David Lillis: Combining Machine Learning and Logical Reasoning to Improve Requirements Traceability Recovery

Combining Machine Learning and Logical Reasoning to Improve Requirements Traceability Recovery

Tong Li, Shiheng Wang, David Lillis and Zhen Yang

Applied Sciences, 10(20):7253, Jan. 2020.

Abstract

Maintaining traceability links of software systems is a crucial task for software management and development. Unfortunately, dealing with traceability links are typically taken as afterthought due to time pressure. Some studies attempt to use information retrieval-based methods to automate this task, but they only concentrate on calculating the textual similarity between various software artifacts and do not take into account the properties of such artifacts. In this paper, we propose a novel traceability link recovery approach, which comprehensively measures the similarity between use cases and source code by exploring their particular properties. To this end, we leverage and combine machine learning and logical reasoning techniques.
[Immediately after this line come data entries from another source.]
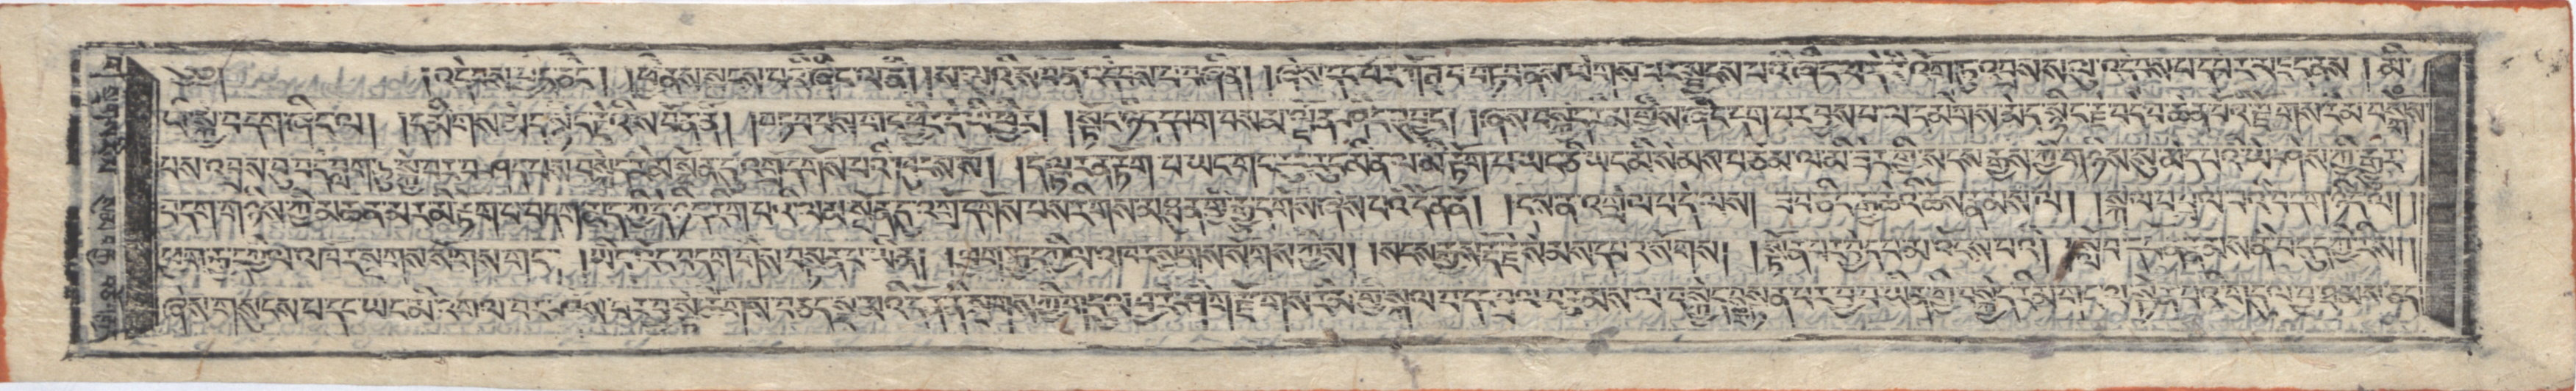༄༅། །འདེབས་བྱེད་ཅིང་། །ཕྱི་ནས་སྦྱངས་པའི་ཞིང་ལ་ནི། །ས་ལུའི་ས་བོན་འདེབས་པ་བཞིན། །ཞེས་དང་པོར་ཀོ་ཊ་བ་བཏབ་ནས་ལེགས་པར་སྦྱངས་པའི་ཞིང་ལ་དེའི་འོག་ཏུ་འབྲས་ས་ལུ་འདེབས་པ་དཔེར་མཛད་ནས། མི་
ཡི་སྐྱེ་བ་དག་ཞིང་ལ། །དམིགས་མེད་སྙིང་རྗེའི་ས་བོན་ནི། །བཏབ་པས་གང་ཕྱིར་དེ་ཡི་ཕྱིར། །སྟོང་ཉིད་དཔག་བསམ་ལྗོན་ཤིང་འབྱུང་། །ཞེས་བསྐྱེད་རིམ་གྱིས་ཞིང་དག་པར་བྱས་པ་ལ་དམིགས་མེད་སྙིང་རྗེ་བདེ་བ་ཆེན་པོའི་རྫོགས་རིམ་བསྒོམས་
པས་འབྲས་བུ་བདེ་བླག་ཏུ་སྐྱེ་བར་བཤད་པས་བསྐྱེད་རིམ་སྔོན་དུ་འགྲོ་དགོས་པའི་ཁུངས་སོ། །དེ་ལྟར་ན་རྟོག་པ་ཡང་གང་རུང་རུང་མིན་ལ་མི་རྟོག་པ་ཡང་ཅི་ཡང་མི་སེམས་པ་ཙམ་ལ་མི་ཟེར་གྱི་སངས་རྒྱས་ཀྱི་གཉིས་སུ་མེད་པའི་ཡེ་ཤེས་ཀྱི་རྒྱུར་
བདག་གཉིས་ཀྱི་མཚན་མར་མི་རྟོག་པ་བདག་མེད་ཀྱི་དེ་ཉིད་རིག་པའི་ལམ་སྔོན་དུ་འགྲོ་དགོས་པས་རིགས་མཐུན་གྱི་རྒྱུ་དགོས་ཞེས་པའི་དོན་ནོ། །དེས་ན་འགྲེལ་པ་དེ་ལས། ཟབ་ཅིང་རྒྱ་ཆེའི་ཆོས་རྣམས་ལ། །སྐལ་པ་བྲལ་བའི་བདག་ཉིད་ལ། །
ཕྱག་རྒྱ་དཀྱིལ་འཁོར་སྔགས་སོགས་གང་། །ཡིད་འོང་བདག་གིས་བསྟན་པ་ཡིན། །ཕྱག་རྒྱ་དཀྱིལ་འཁོར་སྔགས་སོགས་ཀྱིས། །སངས་རྒྱས་རྡོ་རྗེ་སེམས་དཔའ་སོགས། །སྟོན་པར་བྱེད་པ་མ་འོངས་པའི། །སློབ་དཔོན་རྣམས་ནི་བདུད་ཀྱི་རིས། །
ཞེས་གསུངས་པ་དང་ཡང་མི་འགལ་བར་ཤེས་པར་བྱ་སྟེ་ཚིགས་བཅད་སྔ་མའི་དོན་ནི་སྔགས་ཀྱི་གདུལ་བྱ་རེ་ཤིག་རྫོགས་རིམ་གྱི་སྐལ་བ་དང་བྲལ་བ་རྣམས་ལ་བསྐྱེད་རིམ་བསྟན་པར་བྱ་བ་ཡིན་གྱི་བསྐྱེད་རིམ་གང་ལ་སྟོན་པའི་གདུལ་བྱ་ཐམས་ཅད་

On the one hand, our method extracts features by considering the semantics of the use cases and source code, and uses a classification algorithm to train the classifier. On the other hand, we utilize the relationships between artifacts and define a series of rules to recover traceability links. In particular, we not only leverage source code\’s structural information, but also take into account the interrelationships between use cases. We have conducted a series of experiments on multiple datasets to evaluate our approach against existing approaches, the results of which show that our approach is substantially better than other methods.